In case of accidental ingestion of latanoprost, the following information should be taken into account: 1 bottle with 2.5 ml of the solution contains 125 mcg of latanoprost. More than 90% of the drug is metabolized at the first pass through the liver. Intravenous infusion at a dose of 3 mcg / kg in healthy volunteers did not cause any symptoms, but when administered at a dose of 5.5-10 mcg/kg, nausea, abdominal pain, dizziness, fatigue, hot flashes and sweating were observed. In patients with moderate bronchial asthma, the administration of latanoprost in the eyes at a dose 7 times higher than the therapeutic dose did not cause bronchospasm.
Timolol Maleate
Cases of unintentional overdose of eye drops of timolol maleate have been described, resulting in systemic effects similar to those of systemic beta-blockers: dizziness, headache, shortness of breath, bradycardia, bronchospasm and cardiac arrest. (see the section "Side effects").
In the study in vitro It has been shown that during dialysis, timolol is easily removed from plasma or whole blood.
In patients with renal insufficiency, timolol was dialyzed worse.
Treatment: in case of overdose, symptomatic treatment is performed.
hypersensitivity to latanoprost, timolol maleate or other components of the drug,
Severe COPD,
sinus bradycardia,
AV-block of II-III degree,
clinically expressed heart failure, cardiogenic shock,
reactive diseases of the respiratory tract, including bronchial asthma (or an indication of its presence in the anamnesis).
With caution:
inflammatory, neovascular, angle-closure, or congenital glaucoma,
open-angle glaucoma in combination with pseudophakia,
pigmented glaucoma (due to lack of sufficient experience in the use of the drug),
aphakia, pseudoaphakia with rupture of the posterior lens capsule, patients with known risk factors for macular edema (cases of macular edema, including cystoid edema, have been described in the treatment of latanoprost).
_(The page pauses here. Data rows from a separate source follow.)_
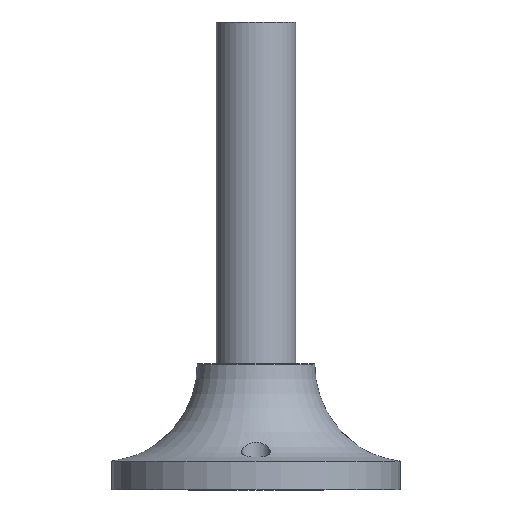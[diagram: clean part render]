
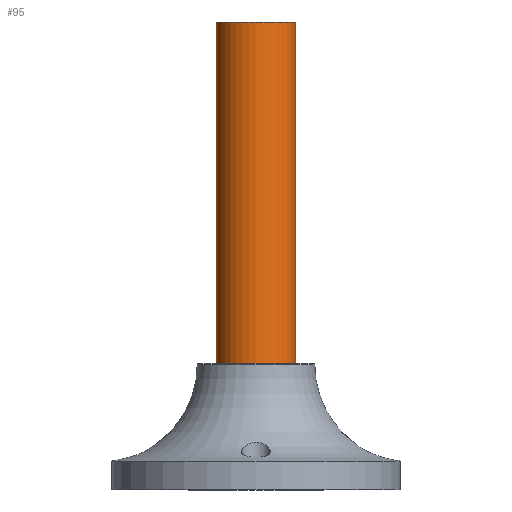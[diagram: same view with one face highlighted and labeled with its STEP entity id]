
A CAD part, front view. The second image highlights one B-rep face of the part: STEP entity #95.
In plain terms, the highlighted cylindrical face has radius 9 mm (diameter 18 mm), a full revolution.
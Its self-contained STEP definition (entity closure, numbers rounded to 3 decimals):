
#68=CARTESIAN_POINT('',(0.0,0.0,30.5));
#69=DIRECTION('',(0.0,0.0,1.0));
#70=DIRECTION('',(-1.0,0.0,0.0));
#71=AXIS2_PLACEMENT_3D('',#68,#69,#70);
#72=CYLINDRICAL_SURFACE('',#71,9.0);
#73=CARTESIAN_POINT('',(9.0,0.,107.5));
#74=VERTEX_POINT('',#73);
#75=CARTESIAN_POINT('',(0.0,0.0,107.5));
#76=DIRECTION('',(0.0,0.0,-1.0));
#77=DIRECTION('',(-1.0,0.0,0.0));
#78=AXIS2_PLACEMENT_3D('',#75,#76,#77);
#79=CIRCLE('',#78,9.0);
#80=EDGE_CURVE('',#74,#74,#79,.T.);
#81=ORIENTED_EDGE('',*,*,#80,.T.);
#82=EDGE_LOOP('',(#81));
#83=FACE_OUTER_BOUND('',#82,.T.);
#84=CARTESIAN_POINT('',(9.0,0.,30.5));
#85=VERTEX_POINT('',#84);
#86=CARTESIAN_POINT('',(0.0,0.0,30.5));
#87=DIRECTION('',(0.0,0.0,-1.0));
#88=DIRECTION('',(-1.0,0.0,0.0));
#89=AXIS2_PLACEMENT_3D('',#86,#87,#88);
#90=CIRCLE('',#89,9.0);
#91=EDGE_CURVE('',#85,#85,#90,.T.);
#92=ORIENTED_EDGE('',*,*,#91,.F.);
#93=EDGE_LOOP('',(#92));
#94=FACE_BOUND('',#93,.T.);
#95=ADVANCED_FACE('',(#83,#94),#72,.T.);
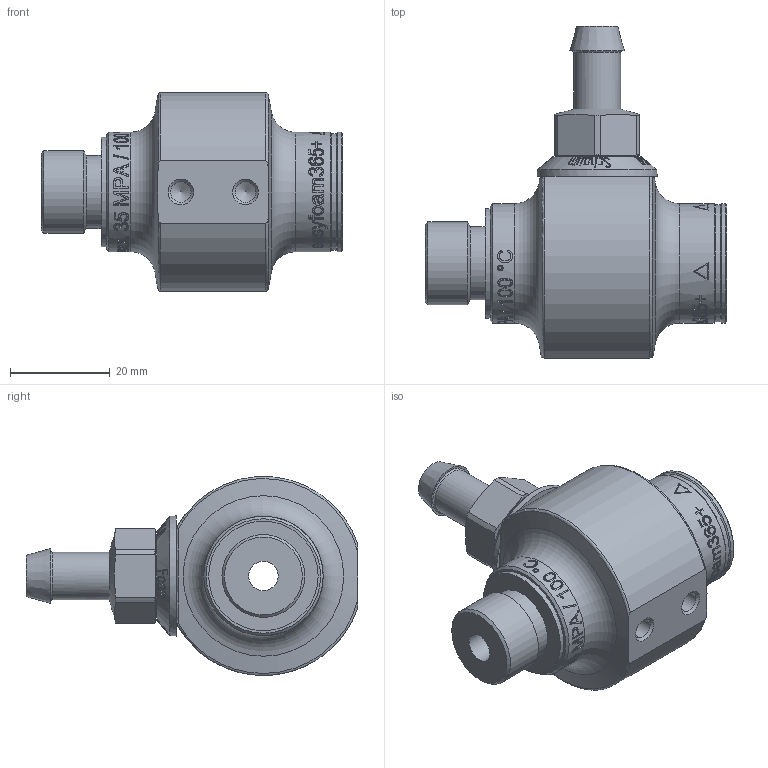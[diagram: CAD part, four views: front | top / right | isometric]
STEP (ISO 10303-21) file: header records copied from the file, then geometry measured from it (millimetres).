
FILE_DESCRIPTION(/* description */ ('Unknown'),/* implementation_level */ '2;1');
FILE_NAME(/* name */ '200160510 Injektor ST-160 G3-8 IG',/* time_stamp */ '2022-02-22T11:31:39+01:00',/* author */ ('Unknown'),/* organization */ ('Unknown'),/* preprocessor_version */ 'ST-DEVELOPER v18.1',/* originating_system */ 'Solid Edge',/* authorisation */ 'Unknown');
FILE_SCHEMA (('CONFIG_CONTROL_DESIGN'));
Length unit declared in the file: millimetre
Products named in the file (1): 200160510 Injektor ST-160 G3-8 IG
Bounding box: 60.5 x 66.7 x 39.97 mm (x, y, z)
Volume: 42768.9 mm3; surface area: 11270.3 mm2
Topology: 1 solids, 1 shells, 505 faces, 1260 edges, 833 vertices
Faces by surface type: plane 219, cylinder 124, bspline 103, cone 52, torus 7
Full cylindrical faces by diameter (mm): 0.658 x1, 1.095 x1, 4.134 x2, 4.5 x1, 5.917 x1, 6.2 x1, 9.5 x1, 14.7 x1, 15.33 x1, 16.6 x1, 16.66 x1, 22 x1, 23.5 x1, 24 x3
Entity records: 30709 total; most frequent: CARTESIAN_POINT 16684, ORIENTED_EDGE 2376, DIRECTION 1647, EDGE_CURVE 1188, VERTEX_POINT 815, AXIS2_PLACEMENT_3D 686, FACE_BOUND 637, EDGE_LOOP 635

Interaction of the drug Co-Latanoprost Pfizer® with other drugs, it was not specifically studied.
When using the drug Co-Latanoprost Pfizer® patients receiving beta-blockers orally may have a more pronounced decrease in IOP or an increase in the systemic manifestations of beta-blockers, so the simultaneous local use of two or more beta-blockers is not recommended.
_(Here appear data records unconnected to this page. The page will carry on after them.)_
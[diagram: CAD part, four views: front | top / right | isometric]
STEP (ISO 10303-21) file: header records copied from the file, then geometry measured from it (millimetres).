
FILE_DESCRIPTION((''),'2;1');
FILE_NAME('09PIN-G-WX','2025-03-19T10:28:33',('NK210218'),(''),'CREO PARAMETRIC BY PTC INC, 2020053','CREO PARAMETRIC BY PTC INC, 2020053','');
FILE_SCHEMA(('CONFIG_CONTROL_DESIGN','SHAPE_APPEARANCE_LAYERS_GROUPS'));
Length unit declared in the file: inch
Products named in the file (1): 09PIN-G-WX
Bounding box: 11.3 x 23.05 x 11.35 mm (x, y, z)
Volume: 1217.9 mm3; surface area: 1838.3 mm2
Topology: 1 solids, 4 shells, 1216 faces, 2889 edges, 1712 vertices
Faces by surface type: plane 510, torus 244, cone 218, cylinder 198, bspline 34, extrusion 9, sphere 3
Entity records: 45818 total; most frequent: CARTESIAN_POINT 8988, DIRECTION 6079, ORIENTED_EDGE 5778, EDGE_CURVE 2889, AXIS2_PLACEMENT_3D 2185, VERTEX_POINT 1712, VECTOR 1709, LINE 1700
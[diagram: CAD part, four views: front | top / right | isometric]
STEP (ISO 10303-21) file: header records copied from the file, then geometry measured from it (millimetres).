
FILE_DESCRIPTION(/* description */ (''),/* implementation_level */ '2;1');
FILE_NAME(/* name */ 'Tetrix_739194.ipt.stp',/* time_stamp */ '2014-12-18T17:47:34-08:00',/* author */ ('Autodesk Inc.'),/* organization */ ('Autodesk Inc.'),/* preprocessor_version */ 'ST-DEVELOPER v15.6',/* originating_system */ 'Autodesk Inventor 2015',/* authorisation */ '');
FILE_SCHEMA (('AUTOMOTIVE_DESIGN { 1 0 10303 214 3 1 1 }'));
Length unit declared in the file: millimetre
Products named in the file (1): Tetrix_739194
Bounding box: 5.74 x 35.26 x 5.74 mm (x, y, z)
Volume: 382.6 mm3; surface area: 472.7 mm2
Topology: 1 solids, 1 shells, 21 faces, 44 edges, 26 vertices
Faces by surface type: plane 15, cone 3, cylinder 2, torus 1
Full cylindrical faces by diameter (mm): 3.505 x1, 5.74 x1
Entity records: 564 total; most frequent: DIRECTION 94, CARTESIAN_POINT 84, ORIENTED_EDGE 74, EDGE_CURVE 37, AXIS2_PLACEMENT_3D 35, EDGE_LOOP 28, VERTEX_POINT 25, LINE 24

When two PG analogues are simultaneously instilled into the eyes, a paradoxical increase in IOP is described, so the simultaneous use of two or more PG, their analogues or derivatives is not recommended.
With the simultaneous use of timolol maleate with epinephrine, mydriasis sometimes developed.
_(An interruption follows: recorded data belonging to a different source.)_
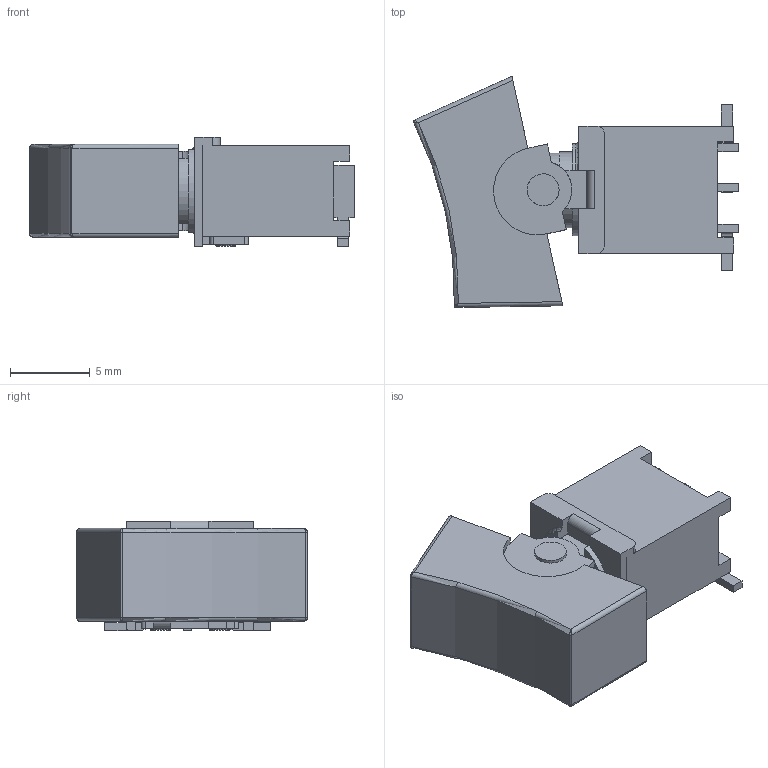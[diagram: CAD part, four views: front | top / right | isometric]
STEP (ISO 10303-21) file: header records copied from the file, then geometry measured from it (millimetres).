
FILE_DESCRIPTION((' '),'2;1');
FILE_NAME('400BWMSPxR2xxxSM6xE.stp','2017-07-19T15:28:14',(' '),(' '),' ','ACIS',' ');
FILE_SCHEMA(('CONFIG_CONTROL_DESIGN'));
Length unit declared in the file: inch
Products named in the file (5): 400BWMSPxR2xxxSM6xE.stp; Body1; Body2; Body3; Body4
Assembly tree (4 placements, depth 2):
  400BWMSPxR2xxxSM6xE.stp
    Body1
    Body2
    Body3
    Body4
Bounding box: 20.4 x 14.49 x 6.86 mm (x, y, z)
Volume: 714.7 mm3; surface area: 1117.2 mm2
Topology: 4 solids, 4 shells, 163 faces, 444 edges, 280 vertices
Faces by surface type: plane 113, cylinder 37, torus 7, bspline 4, cone 2
Full cylindrical faces by diameter (mm): 2 x2
Entity records: 9070 total; most frequent: CARTESIAN_POINT 4293, ORIENTED_EDGE 864, DIRECTION 839, EDGE_CURVE 432, VECTOR 337, LINE 337, VERTEX_POINT 278, AXIS2_PLACEMENT_3D 251
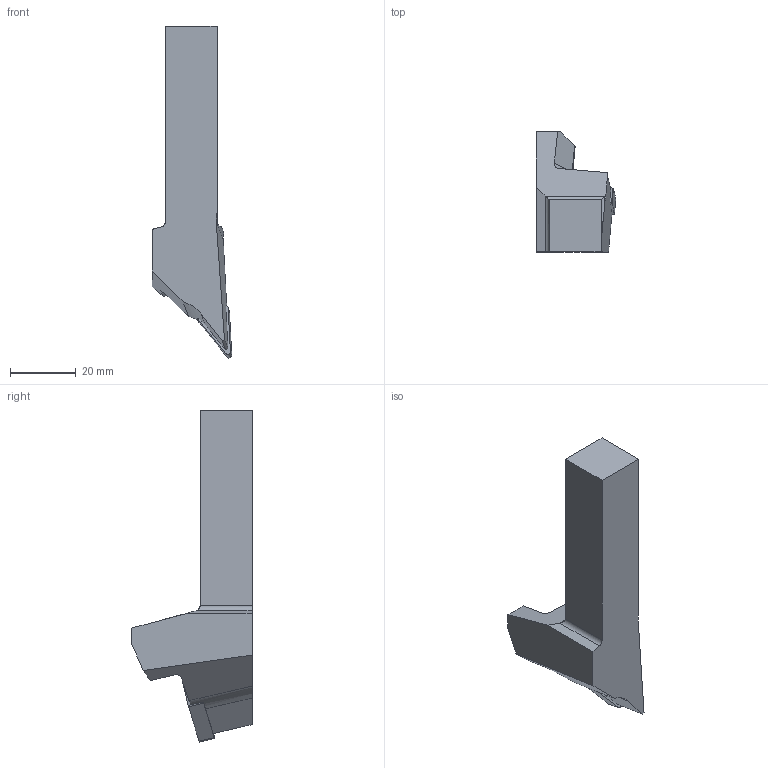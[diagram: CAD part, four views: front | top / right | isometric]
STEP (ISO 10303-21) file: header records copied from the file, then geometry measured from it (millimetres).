
FILE_DESCRIPTION(/* description */ (''),/* implementation_level */ '2;1');
FILE_NAME(/* name */ 'assy.stp',/* time_stamp */ '2017-09-27T03:32:12+02:00',/* author */ (''),/* organization */ ('SMS'),/* preprocessor_version */ 'ST-DEVELOPER v15',/* originating_system */ 'SIEMENS PLM Software NX 8.5',/* authorisation */ '');
FILE_SCHEMA (('AUTOMOTIVE_DESIGN { 1 0 10303 214 3 1 1 1 }'));
Length unit declared in the file: millimetre
Products named in the file (4): ASSEMBLY_CONSTRUCTION; NOCUT; CUT; ASSY
Assembly tree (3 placements, depth 2):
  ASSY
    CUT
    NOCUT
    ASSEMBLY_CONSTRUCTION
Bounding box: 24.27 x 36.67 x 101.35 mm (x, y, z)
Volume: 29134.5 mm3; surface area: 8351.1 mm2
Topology: 2 solids, 2 shells, 46 faces, 118 edges, 83 vertices
Faces by surface type: plane 28, cylinder 16, torus 2
Full cylindrical faces by diameter (mm): 3.81 x2
Entity records: 1642 total; most frequent: CARTESIAN_POINT 344, DIRECTION 257, ORIENTED_EDGE 228, EDGE_CURVE 114, AXIS2_PLACEMENT_3D 90, LINE 77, VECTOR 77, VERTEX_POINT 75

When timolol maleate is combined with the following drugs, an additive effect may occur with the development of systemic hypotension and / or severe bradycardia:
- BCC,
- drugs that cause a decrease in the level of catecholamines, or beta-blockers,
- antiarrhythmic drugs,
- cardiac glycosides.
Beta-blockers may increase the hypoglycemic effect of antidiabetic agents.
When using the drug Co-Latanoprost Pfizer® The following adverse reactions have been reported with a frequency of ≥1%.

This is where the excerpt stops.